I tell you all this to tell you it certainly wasn’t what I expected. It wasn’t what I planned. But, it worked. By Christmas (about three months later), I had pumped every two hours for long enough that I was able to completely feed her milk without formula. I maintained that for a year! A whole entire year! It was twice as long as I had set out to do. Maybe that’s why I needed to pump. Maybe that was God’s plan.
It wasn’t what I expected. It was hard. It was exhausting. I had times I wanted to throw that pump out the window. I HATED getting up when everyone else was asleep (including my baby) and hooking up to that machine. I hated washing the bottles. I hated washing the pump parts. I hated having to put my baby down instead of taking extra snuggle time because I had to pump.

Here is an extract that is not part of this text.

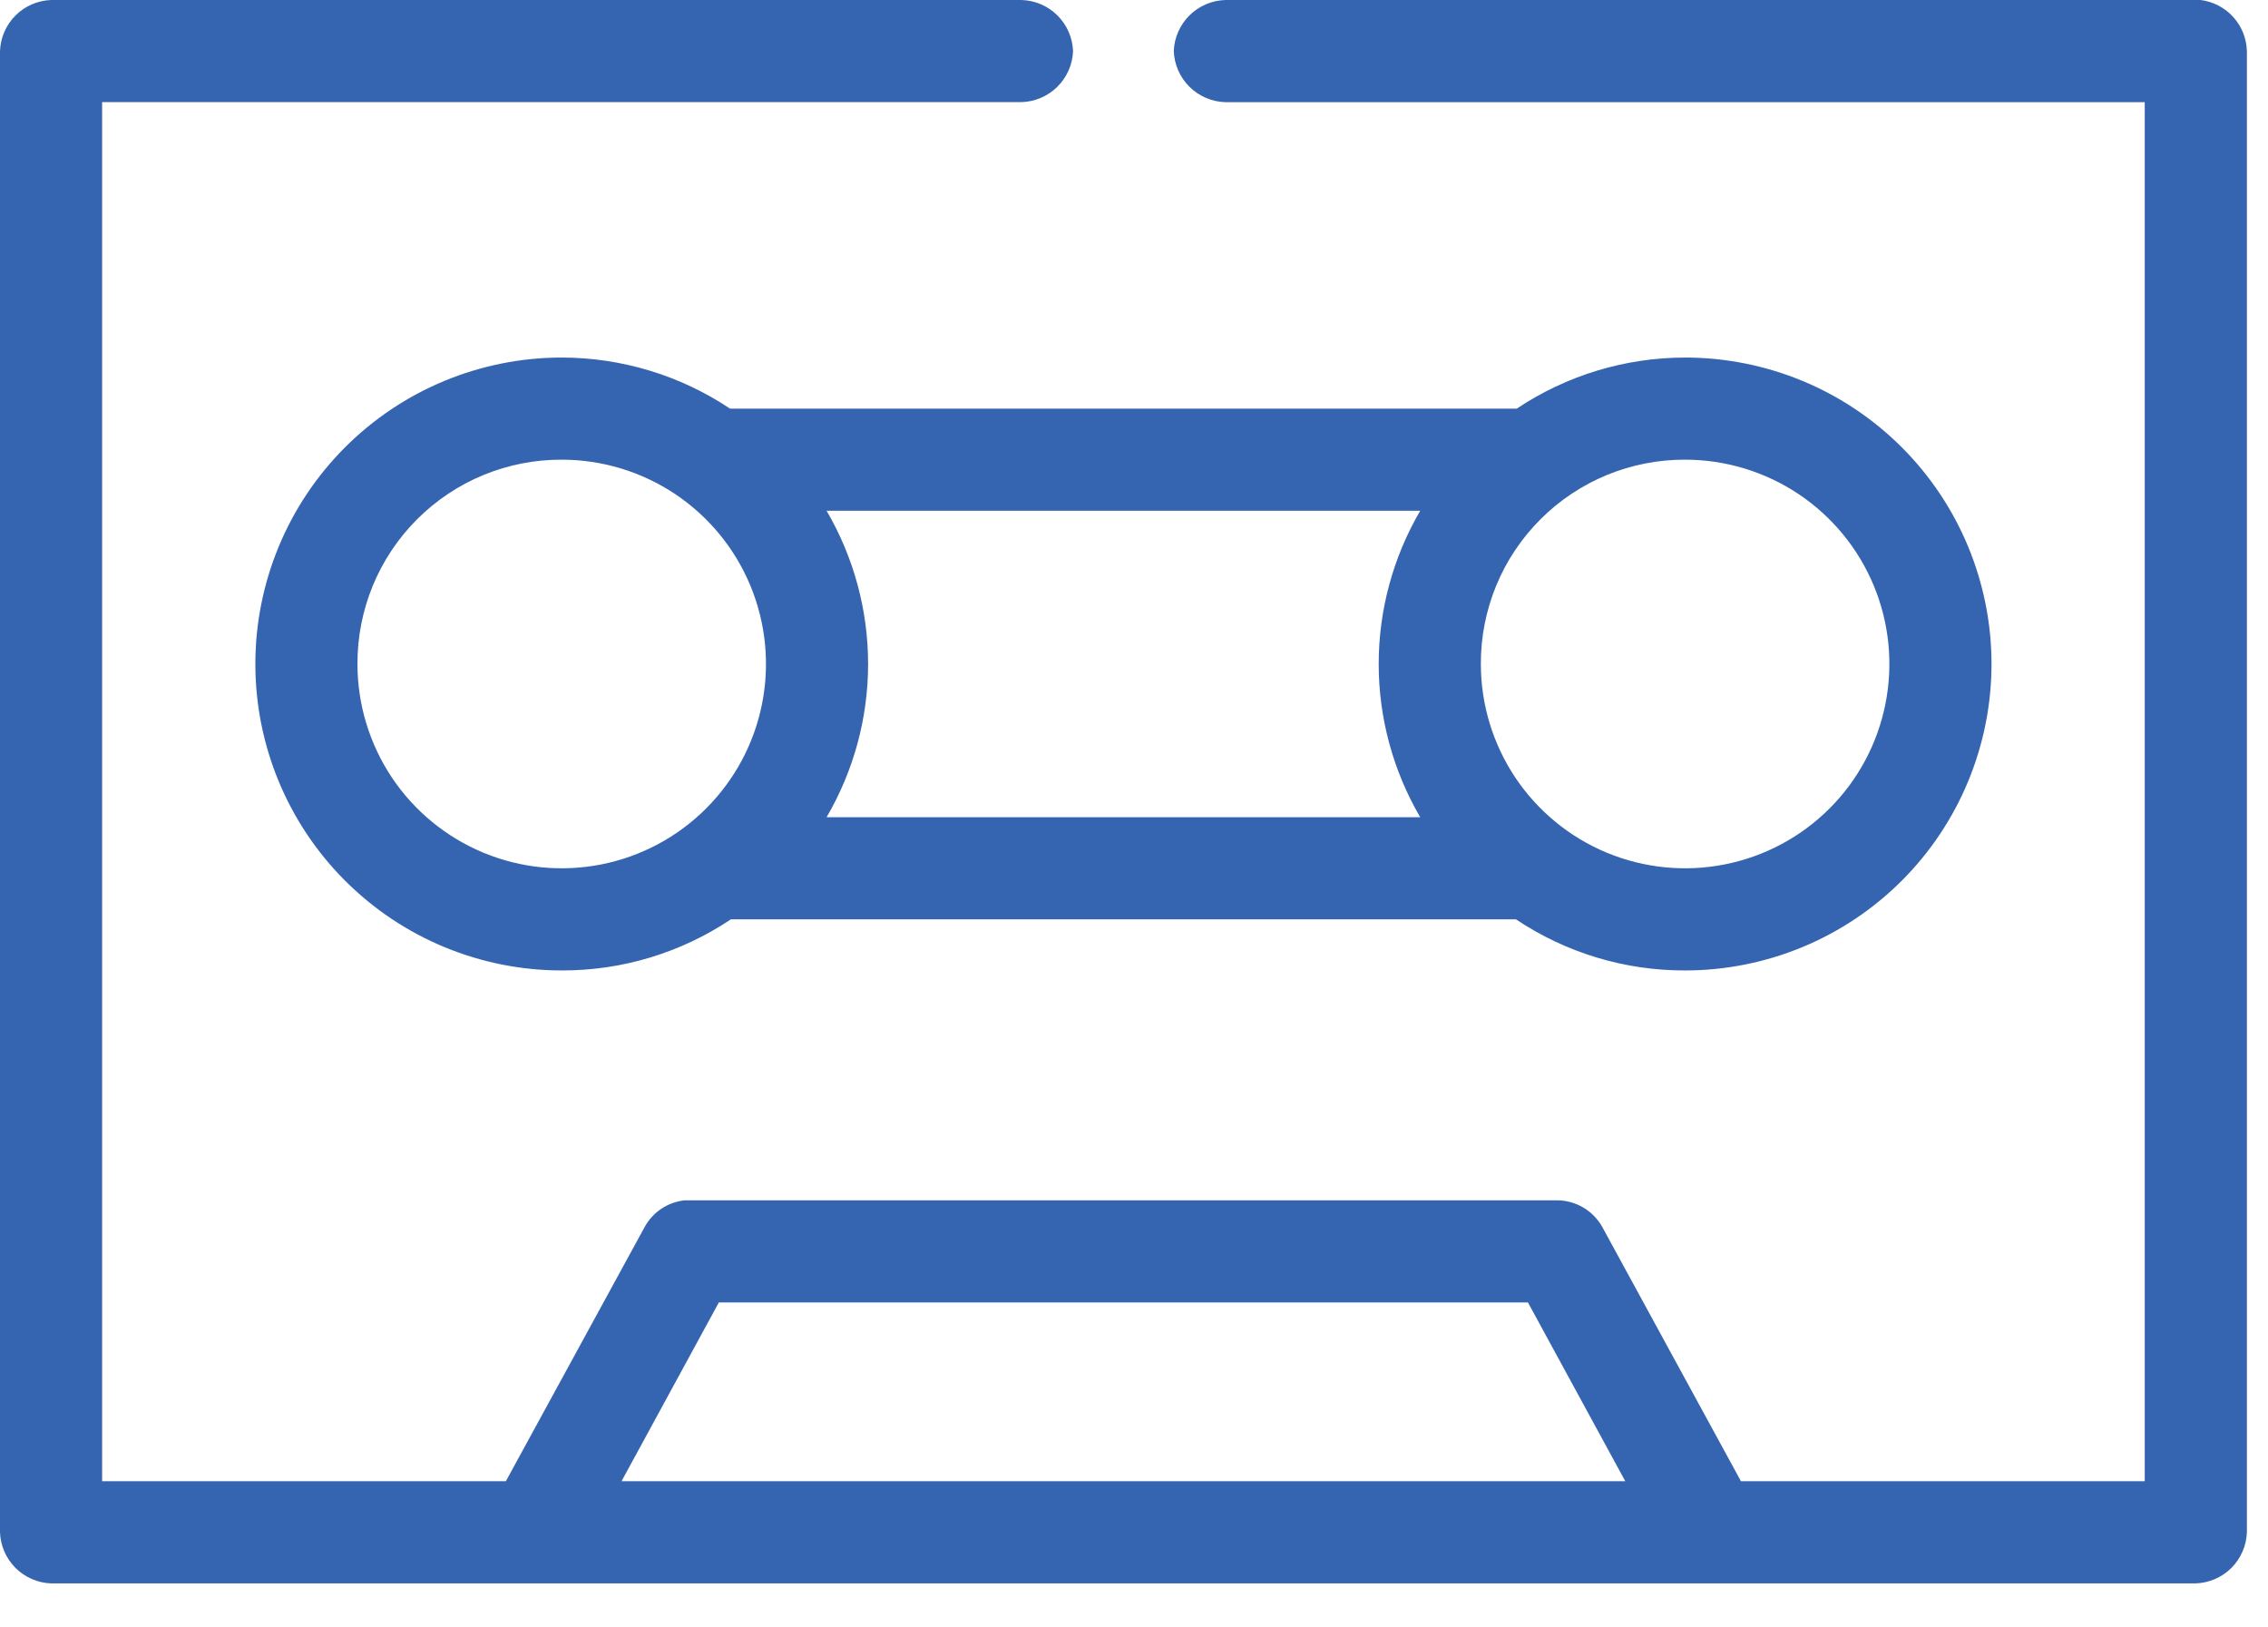 <svg width="46" height="33" viewBox="0 0 46 33" fill="none" xmlns="http://www.w3.org/2000/svg">
<path d="M1.036 0C0.764 0.01 0.507 0.122 0.314 0.314C0.122 0.507 0.01 0.764 0 1.036L0 31.071C0.01 31.343 0.122 31.6 0.314 31.793C0.507 31.985 0.764 32.097 1.036 32.107H44.536C44.808 32.097 45.065 31.985 45.258 31.793C45.45 31.6 45.562 31.343 45.572 31.071V1.036C45.565 0.779 45.467 0.534 45.294 0.344C45.122 0.154 44.887 0.032 44.632 0L24.857 0C24.583 0.007 24.322 0.118 24.127 0.31C23.932 0.503 23.817 0.762 23.807 1.036C23.817 1.31 23.932 1.569 24.127 1.762C24.322 1.954 24.583 2.065 24.857 2.072H43.5V30.035H35.31L32.494 24.873C32.403 24.713 32.271 24.579 32.112 24.485C31.953 24.392 31.773 24.341 31.588 24.339H13.888C13.72 24.357 13.559 24.414 13.418 24.507C13.278 24.6 13.161 24.726 13.079 24.873L10.26 30.035H2.071V2.071H20.714C20.988 2.064 21.249 1.953 21.444 1.761C21.639 1.568 21.754 1.309 21.764 1.035C21.753 0.761 21.639 0.502 21.444 0.31C21.249 0.117 20.988 0.007 20.714 0L1.036 0ZM11.393 7.25C10.577 7.25 9.769 7.411 9.015 7.723C8.261 8.035 7.576 8.493 6.999 9.07C6.422 9.647 5.964 10.332 5.652 11.086C5.34 11.84 5.179 12.648 5.179 13.464C5.179 14.28 5.34 15.088 5.652 15.842C5.964 16.596 6.422 17.281 6.999 17.858C7.576 18.435 8.261 18.893 9.015 19.205C9.769 19.517 10.577 19.678 11.393 19.678C12.614 19.682 13.809 19.321 14.824 18.642H30.747C31.762 19.321 32.957 19.682 34.178 19.678C34.994 19.678 35.802 19.517 36.556 19.205C37.31 18.893 37.995 18.435 38.572 17.858C39.149 17.281 39.607 16.596 39.919 15.842C40.231 15.088 40.392 14.28 40.392 13.464C40.392 12.648 40.231 11.84 39.919 11.086C39.607 10.332 39.149 9.647 38.572 9.07C37.995 8.493 37.31 8.035 36.556 7.723C35.802 7.411 34.994 7.25 34.178 7.25C32.962 7.251 31.774 7.611 30.763 8.286H14.807C13.796 7.611 12.608 7.251 11.393 7.25ZM11.393 9.321C12.212 9.321 13.013 9.564 13.695 10.019C14.376 10.475 14.907 11.121 15.221 11.879C15.534 12.636 15.616 13.469 15.456 14.272C15.296 15.076 14.902 15.814 14.322 16.393C13.743 16.973 13.005 17.367 12.201 17.527C11.398 17.687 10.565 17.605 9.808 17.292C9.051 16.978 8.403 16.447 7.948 15.766C7.493 15.084 7.25 14.283 7.25 13.464C7.248 12.919 7.354 12.38 7.561 11.876C7.769 11.372 8.074 10.915 8.459 10.53C8.844 10.145 9.301 9.84 9.805 9.632C10.309 9.425 10.848 9.319 11.393 9.321ZM34.178 9.321C34.997 9.321 35.798 9.564 36.48 10.019C37.161 10.475 37.692 11.121 38.006 11.879C38.319 12.636 38.401 13.469 38.241 14.272C38.081 15.076 37.687 15.814 37.108 16.393C36.528 16.973 35.79 17.367 34.986 17.527C34.183 17.687 33.35 17.605 32.593 17.292C31.835 16.978 31.189 16.447 30.733 15.766C30.278 15.084 30.035 14.283 30.035 13.464C30.033 12.919 30.139 12.38 30.346 11.876C30.553 11.372 30.859 10.915 31.244 10.53C31.629 10.145 32.086 9.84 32.59 9.632C33.094 9.425 33.633 9.319 34.178 9.321ZM16.765 10.357H28.805C28.254 11.3 27.963 12.372 27.963 13.464C27.963 14.556 28.254 15.628 28.805 16.571H16.765C17.316 15.628 17.607 14.556 17.607 13.464C17.607 12.372 17.316 11.3 16.765 10.357ZM14.58 26.41H30.99L32.964 30.035H12.606L14.58 26.41Z" fill="#3564B1"/>
</svg>

But, at the same time I loved it. I loved seeing those little thighs get chubby. I loved seeing her smile (once she started smiling) when she got her bottle. I loved looking deep into her eyes as I fed her. The kid never once held her bottle on her own. She was eventually fully capable, but she was just never interested. And that was OK with me. It was our time. We weren’t bonding like I had thought we might with her breastfeeding, but we were bonding nonetheless. And she was growing. And she was healthy. And she was strong. And she was beautiful. And she was perfect. And she was worth it.
I look at her now — at my vivacious 2-year-old — and I’d do it again. It was unexpected. This motherhood journey is quite unexpected. Heck, even just looking at her and seeing what I see is unexpected. Having brown hair and brown eyes and being married to a man with black hair and hazel eyes, I never dreamed I’d look at redhead with blue eyes and call her mine. Motherhood is full of surprises and the unexpected. Some of it is good. Some of it is bad. And some of it just is.
I think the biggest challenge is to get over what we expected. To let go of what we had planned and just enjoy and appreciate what we have. I’ve been thinking about that a lot. I had thought I was 100 percent reconciled to the fact that I ended up having to exclusively pump. I thought I had dealt with those emotions of disappointment, sadness and frustration. They’ve been bubbling up as I’m working on this article. And that’s OK. It’s a grief process sometimes to let go of what we expected from life and move on. But, that’s what we need to do. We need to move on. While we don’t want to get stuck in the past, neither should we get stuck in what we expected. I don’t think any adult on this planet would ever tell you his life turned out as he had planned. And that’s OK. If my life went exactly how I’d planned, I’d have missed out on some good things along the way. I’d have missed some lessons. And I sure as heck wouldn’t appreciate the good times nearly as much as I do for having been through the hard ones.